DATA
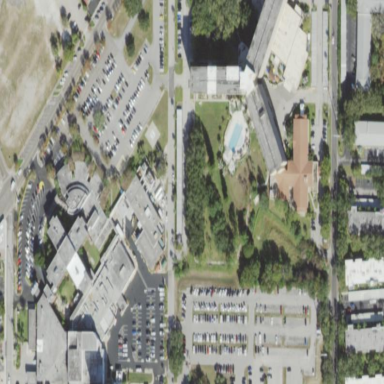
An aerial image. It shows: Healthcare facility identified as hospital.
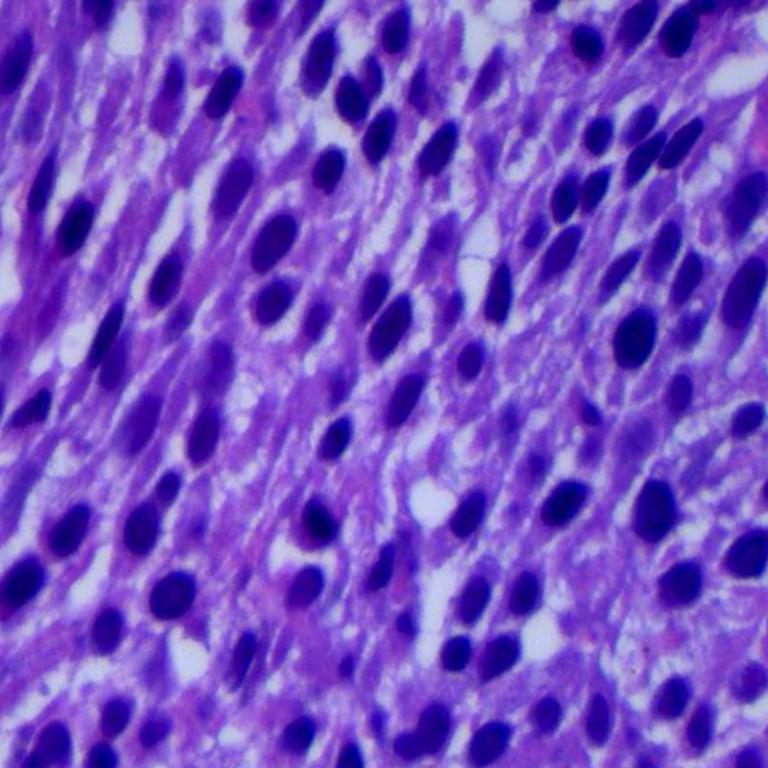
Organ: lung
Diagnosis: squamous carcinomas
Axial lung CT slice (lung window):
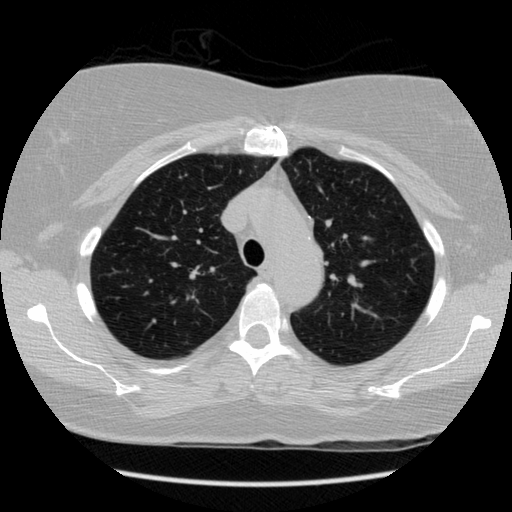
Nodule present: no
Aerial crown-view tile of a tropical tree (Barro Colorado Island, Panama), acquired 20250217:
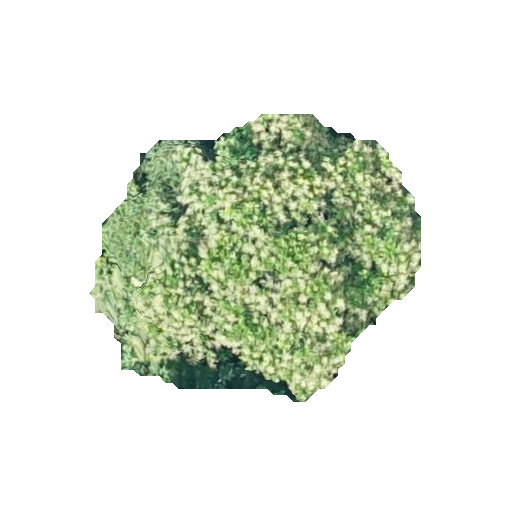
Species: Anacardium excelsum
GBIF accepted scientific name: Anacardium excelsum
Crown area: 102.555 m²
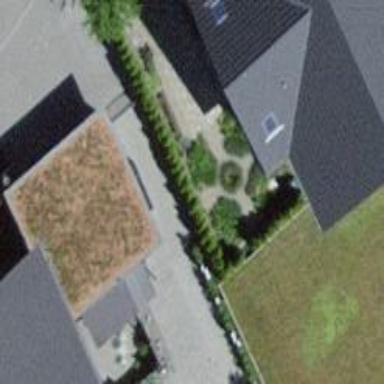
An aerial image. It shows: Garage building.
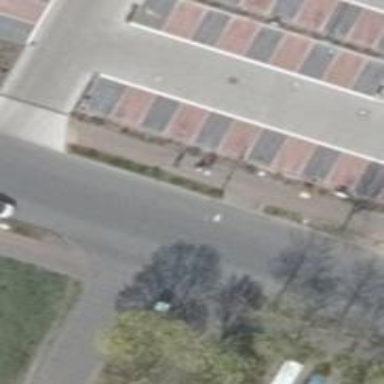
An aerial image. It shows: Tertiary road with concrete surface. The road has sidewalks on both sides and cycle track.
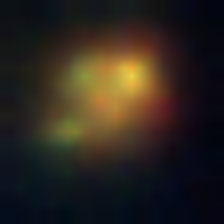
Taxon: NanoPlankton
Group: Other
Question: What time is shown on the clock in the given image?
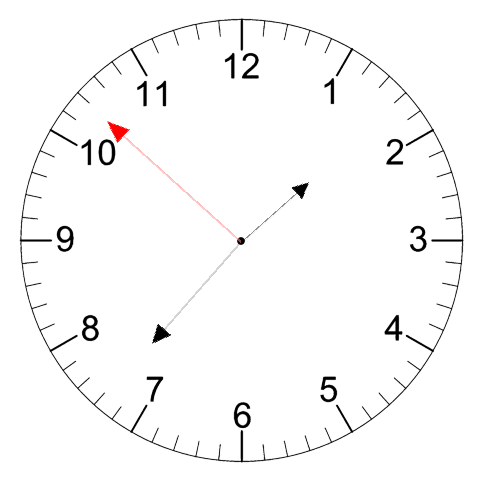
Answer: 01:36:52
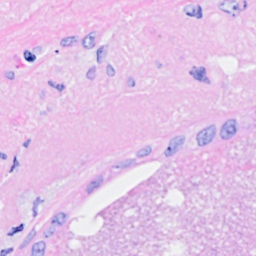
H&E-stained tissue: Breast
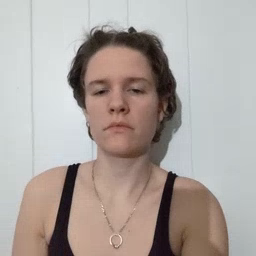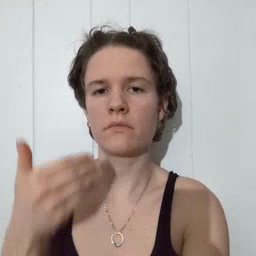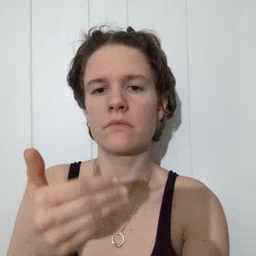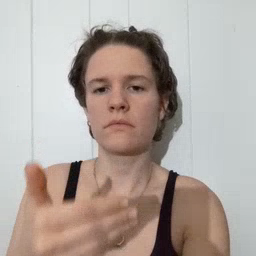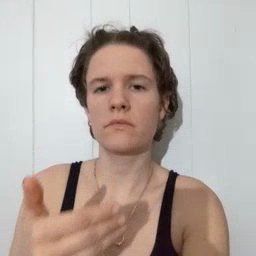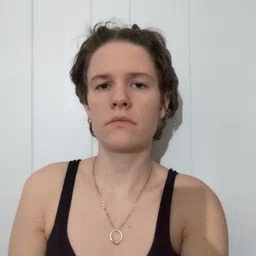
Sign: close

EXERCISE INSTRUCTIONS
Your copy of the entries must be exact and must not include any of their pictures.

OUTPUT FOR THIS EXERCISE
An aerial image. It shows: Healthcare facility identified as hospital.
Organ: lung
Diagnosis: squamous carcinomas
Axial lung CT slice (lung window):
Nodule present: no
Aerial crown-view tile of a tropical tree (Barro Colorado Island, Panama), acquired 20250217:
Species: Anacardium excelsum
GBIF accepted scientific name: Anacardium excelsum
Crown area: 102.555 m²
An aerial image. It shows: Garage building.
An aerial image. It shows: Tertiary road with concrete surface. The road has sidewalks on both sides and cycle track.
Taxon: NanoPlankton
Group: Other
Question: What time is shown on the clock in the given image?
Answer: 01:36:52
H&E-stained tissue: Breast
Sign: close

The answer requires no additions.